* **Task to complete**
What follows is a set of records; repeat them exactly, without the pictures.

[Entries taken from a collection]
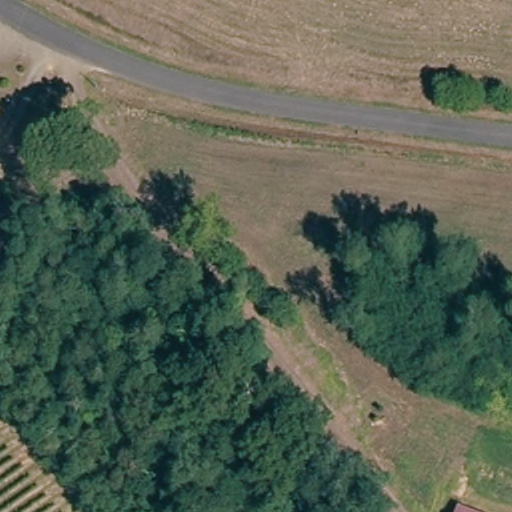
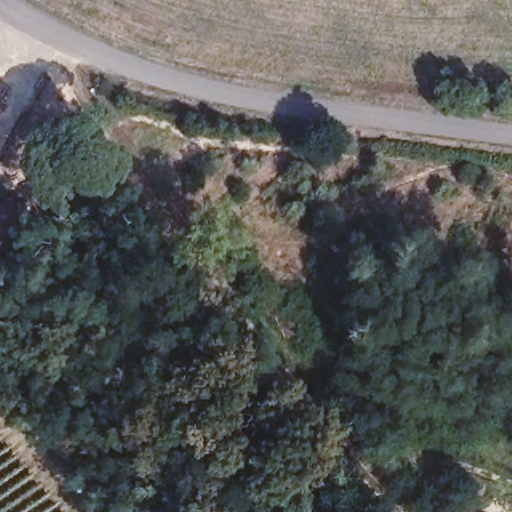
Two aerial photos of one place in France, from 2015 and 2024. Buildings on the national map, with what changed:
unchanged [(0,194),(17,216),(0,230),(0,194)]
unchanged [(458,510),(464,512),(457,512),(458,510)]

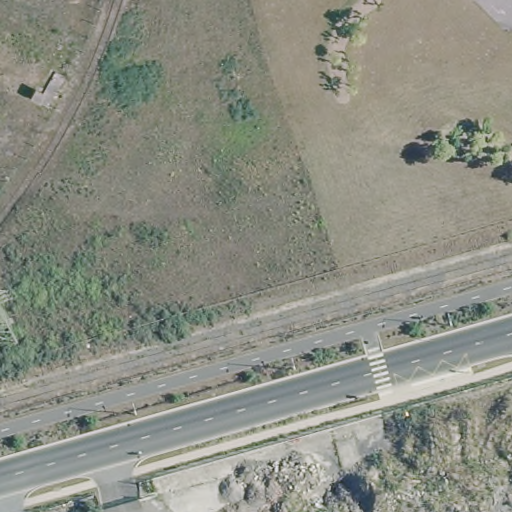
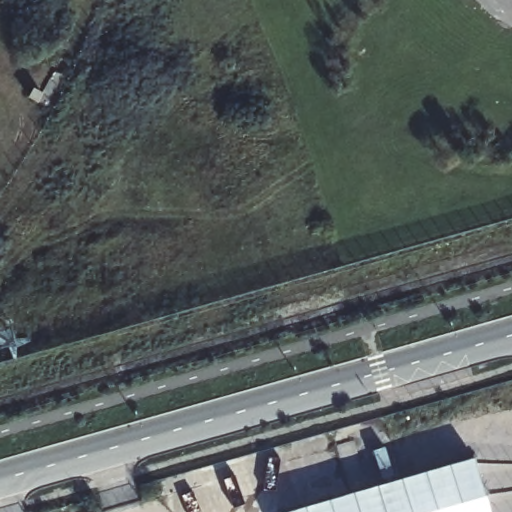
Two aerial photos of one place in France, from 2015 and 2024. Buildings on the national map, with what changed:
new [(490,512),(287,512),(474,457),(490,512)]

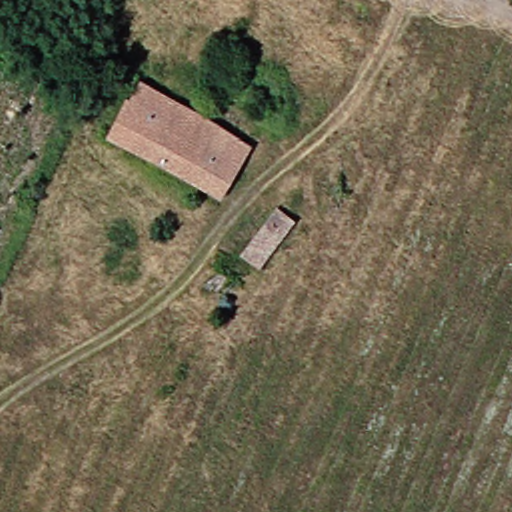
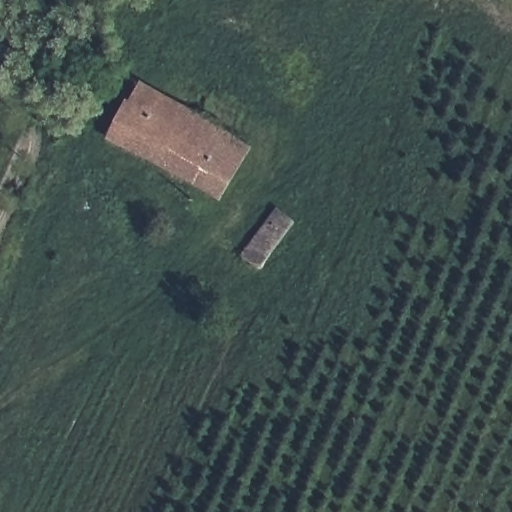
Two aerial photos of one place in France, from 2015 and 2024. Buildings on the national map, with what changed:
unchanged [(177,108),(168,126),(154,117),(135,153),(106,137),(134,84),(177,108)]
unchanged [(235,170),(168,126),(177,108),(218,132),(246,150),(235,170)]
unchanged [(235,170),(217,201),(135,153),(154,117),(168,126),(235,170)]
unchanged [(260,269),(244,259),(272,215),(288,226),(260,269)]

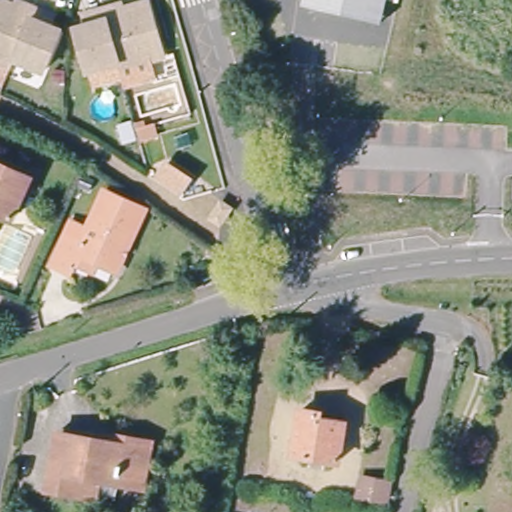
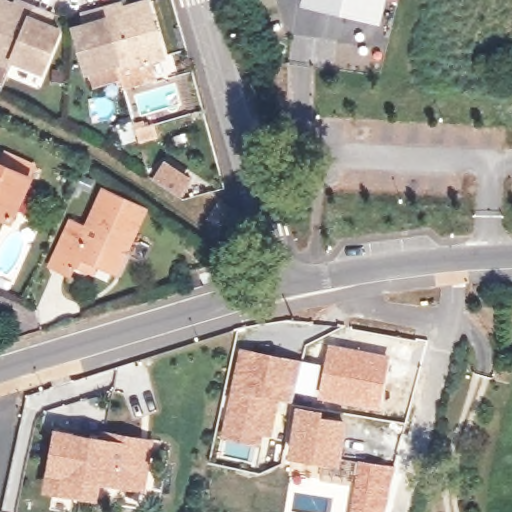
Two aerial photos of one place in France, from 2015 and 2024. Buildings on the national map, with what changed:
unchanged [(22,2),(23,0),(31,0),(39,3),(52,8),(48,18),(64,25),(47,66),(18,55),(16,61),(0,55),(0,0),(18,0),(22,2)]
unchanged [(380,21),(302,1),(302,0),(386,0),(380,21)]
unchanged [(102,9),(117,5),(118,10),(147,2),(163,57),(119,69),(117,63),(87,72),(74,29),(91,24),(88,13),(102,9)]
unchanged [(168,164),(188,178),(177,195),(156,181),(168,164)]
unchanged [(32,181),(14,221),(0,215),(0,166),(32,181)]
unchanged [(59,257),(74,224),(89,231),(107,192),(148,211),(119,273),(99,263),(95,273),(76,264),(59,257)]
unchanged [(216,251),(213,253),(202,245),(205,240),(212,236),(222,245),(216,251)]
new [(301,359),(322,364),(328,342),(390,355),(379,410),(316,396),(294,391),(291,404),(280,402),(271,437),(263,436),(260,445),(219,435),(239,347),(301,359)]
unchanged [(344,421),(337,460),(293,452),(300,408),(318,411),(317,416),(344,421)]
unchanged [(143,492),(84,481),(80,500),(47,493),(57,437),(101,445),(102,437),(117,440),(149,446),(143,492)]
unchanged [(356,494),(360,474),(390,480),(386,500),(356,494)]

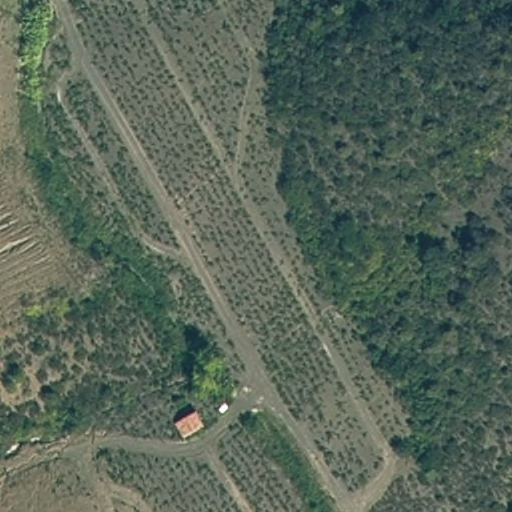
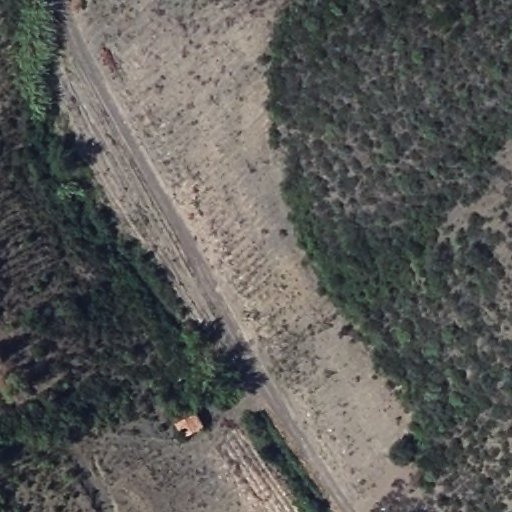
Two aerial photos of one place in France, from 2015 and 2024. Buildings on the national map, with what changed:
unchanged [(207,423),(183,436),(175,419),(198,405),(207,423)]

* **Response to this exercise**
Two aerial photos of one place in France, from 2015 and 2024. Buildings on the national map, with what changed:
unchanged [(0,194),(17,216),(0,230),(0,194)]
unchanged [(458,510),(464,512),(457,512),(458,510)]

Two aerial photos of one place in France, from 2015 and 2024. Buildings on the national map, with what changed:
new [(490,512),(287,512),(474,457),(490,512)]

Two aerial photos of one place in France, from 2015 and 2024. Buildings on the national map, with what changed:
unchanged [(177,108),(168,126),(154,117),(135,153),(106,137),(134,84),(177,108)]
unchanged [(235,170),(168,126),(177,108),(218,132),(246,150),(235,170)]
unchanged [(235,170),(217,201),(135,153),(154,117),(168,126),(235,170)]
unchanged [(260,269),(244,259),(272,215),(288,226),(260,269)]

Two aerial photos of one place in France, from 2015 and 2024. Buildings on the national map, with what changed:
unchanged [(22,2),(23,0),(31,0),(39,3),(52,8),(48,18),(64,25),(47,66),(18,55),(16,61),(0,55),(0,0),(18,0),(22,2)]
unchanged [(380,21),(302,1),(302,0),(386,0),(380,21)]
unchanged [(102,9),(117,5),(118,10),(147,2),(163,57),(119,69),(117,63),(87,72),(74,29),(91,24),(88,13),(102,9)]
unchanged [(168,164),(188,178),(177,195),(156,181),(168,164)]
unchanged [(32,181),(14,221),(0,215),(0,166),(32,181)]
unchanged [(59,257),(74,224),(89,231),(107,192),(148,211),(119,273),(99,263),(95,273),(76,264),(59,257)]
unchanged [(216,251),(213,253),(202,245),(205,240),(212,236),(222,245),(216,251)]
new [(301,359),(322,364),(328,342),(390,355),(379,410),(316,396),(294,391),(291,404),(280,402),(271,437),(263,436),(260,445),(219,435),(239,347),(301,359)]
unchanged [(344,421),(337,460),(293,452),(300,408),(318,411),(317,416),(344,421)]
unchanged [(143,492),(84,481),(80,500),(47,493),(57,437),(101,445),(102,437),(117,440),(149,446),(143,492)]
unchanged [(356,494),(360,474),(390,480),(386,500),(356,494)]

Two aerial photos of one place in France, from 2015 and 2024. Buildings on the national map, with what changed:
unchanged [(207,423),(183,436),(175,419),(198,405),(207,423)]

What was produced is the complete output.